(Recorded information Opens)

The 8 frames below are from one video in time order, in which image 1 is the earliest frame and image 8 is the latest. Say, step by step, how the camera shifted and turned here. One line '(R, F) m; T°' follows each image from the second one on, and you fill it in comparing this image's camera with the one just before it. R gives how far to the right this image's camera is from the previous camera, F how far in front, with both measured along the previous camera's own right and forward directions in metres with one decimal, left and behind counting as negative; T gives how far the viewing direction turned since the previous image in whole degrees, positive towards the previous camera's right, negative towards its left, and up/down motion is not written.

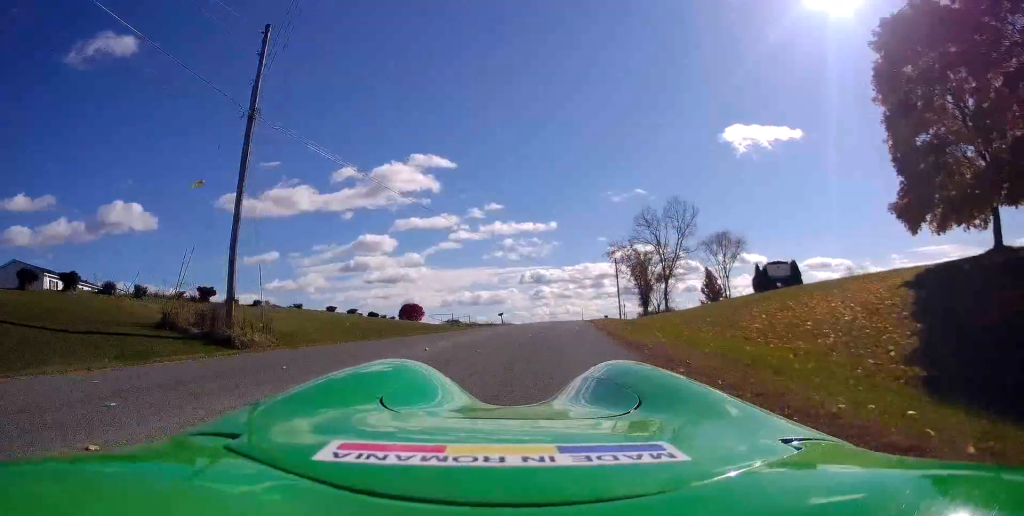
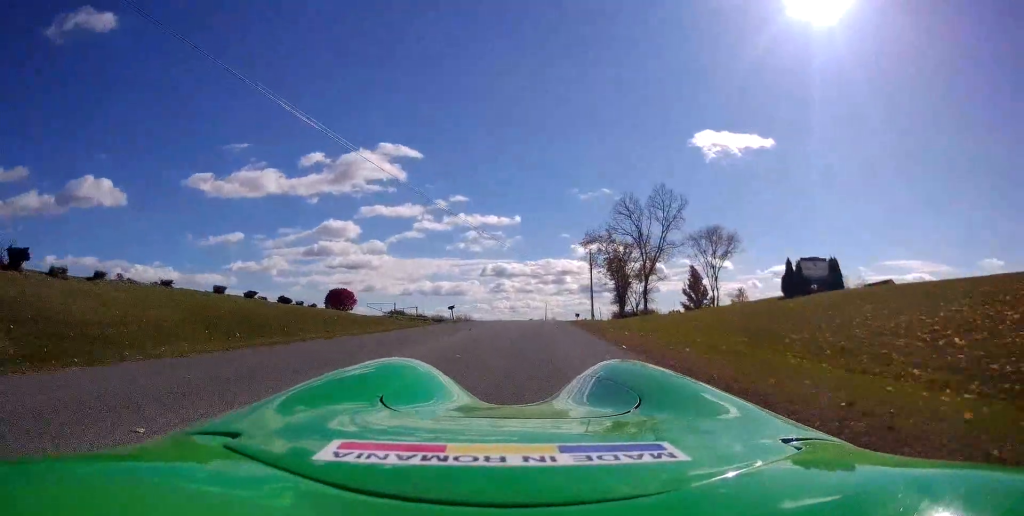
(+0.4, +12.8) m; +4°
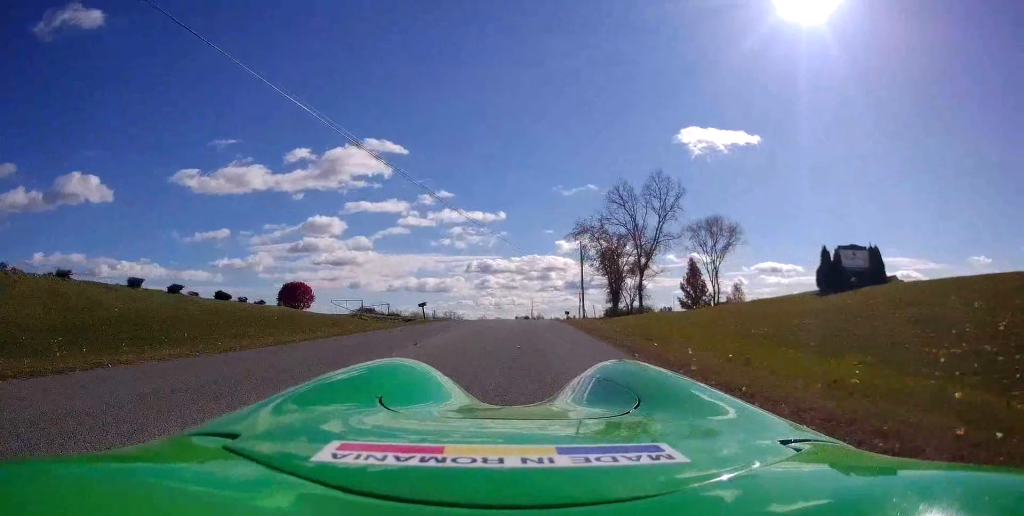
(+0.3, +7.3) m; +3°
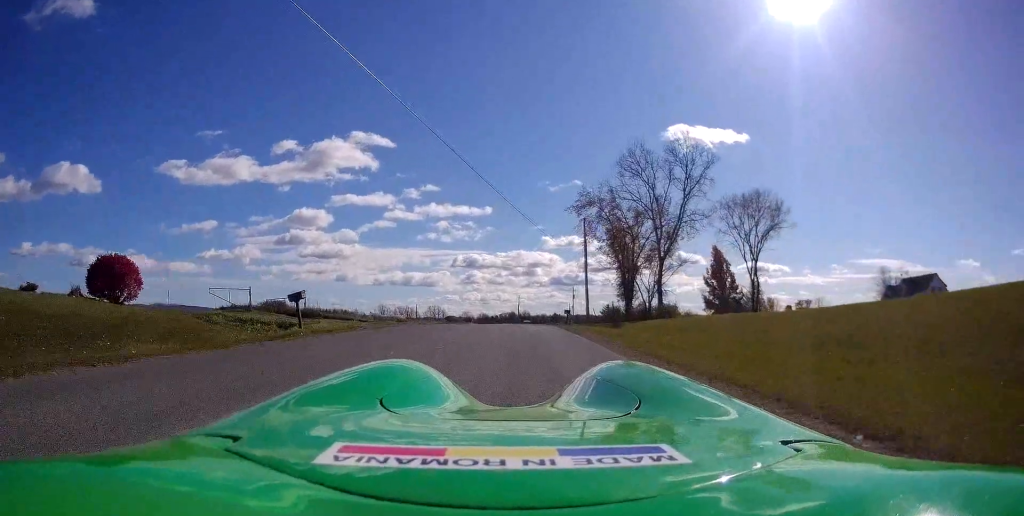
(+0.9, +20.0) m; +3°
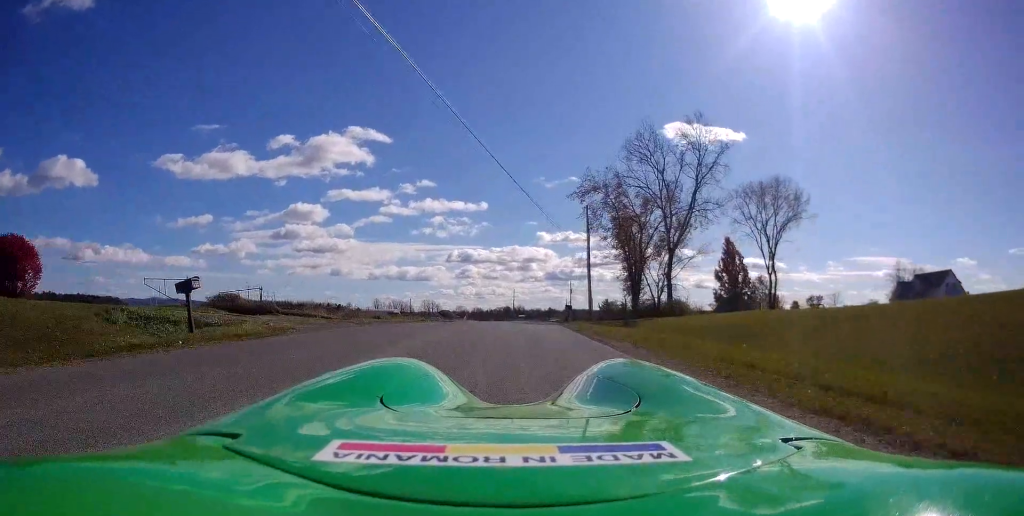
(0.0, +6.3) m; 0°
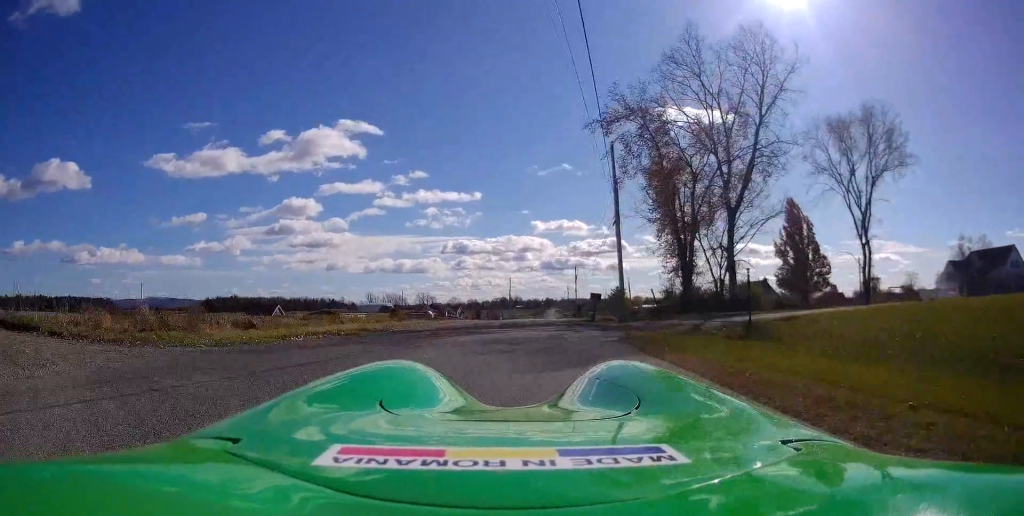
(+0.1, +19.3) m; -1°
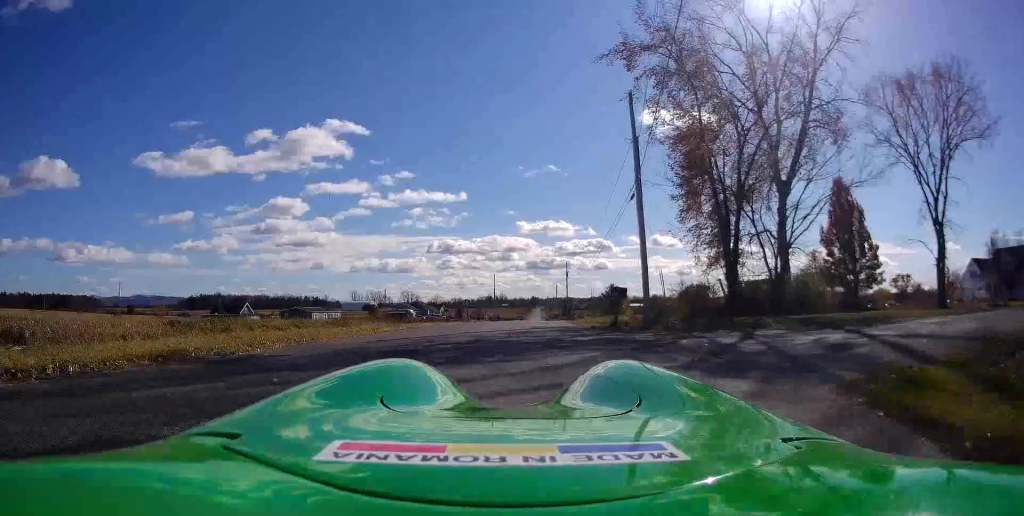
(-0.1, +11.0) m; +1°
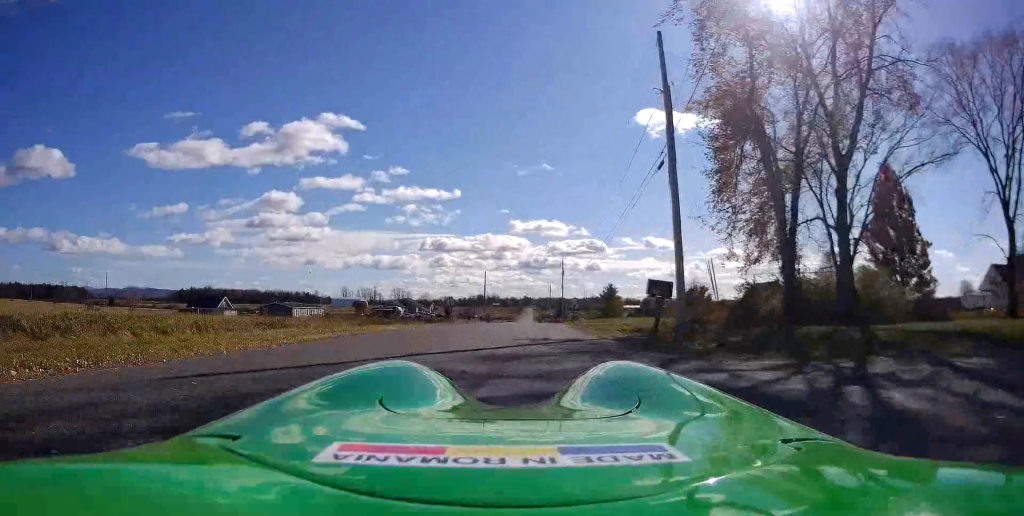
(+0.1, +7.1) m; +2°

(Recorded information Closes)

Exercise details. Make an exact copy of the records, pictures excluded.

Exercise solution.
The 8 frames below are from one video in time order, in which image 1 is the earliest frame and image 8 is the latest. Say, step by step, how the camera shifted and turned here. One line '(R, F) m; T°' follows each image from the second one on, and you fill it in comparing this image's camera with the one just before it. R gives how far to the right this image's camera is from the previous camera, F how far in front, with both measured along the previous camera's own right and forward directions in metres with one decimal, left and behind counting as negative; T gives how far the viewing direction turned since the previous image in whole degrees, positive towards the previous camera's right, negative towards its left, and up/down motion is not written.

(+0.4, +12.8) m; +4°
(+0.3, +7.3) m; +3°
(+0.9, +20.0) m; +3°
(0.0, +6.3) m; 0°
(+0.1, +19.3) m; -1°
(-0.1, +11.0) m; +1°
(+0.1, +7.1) m; +2°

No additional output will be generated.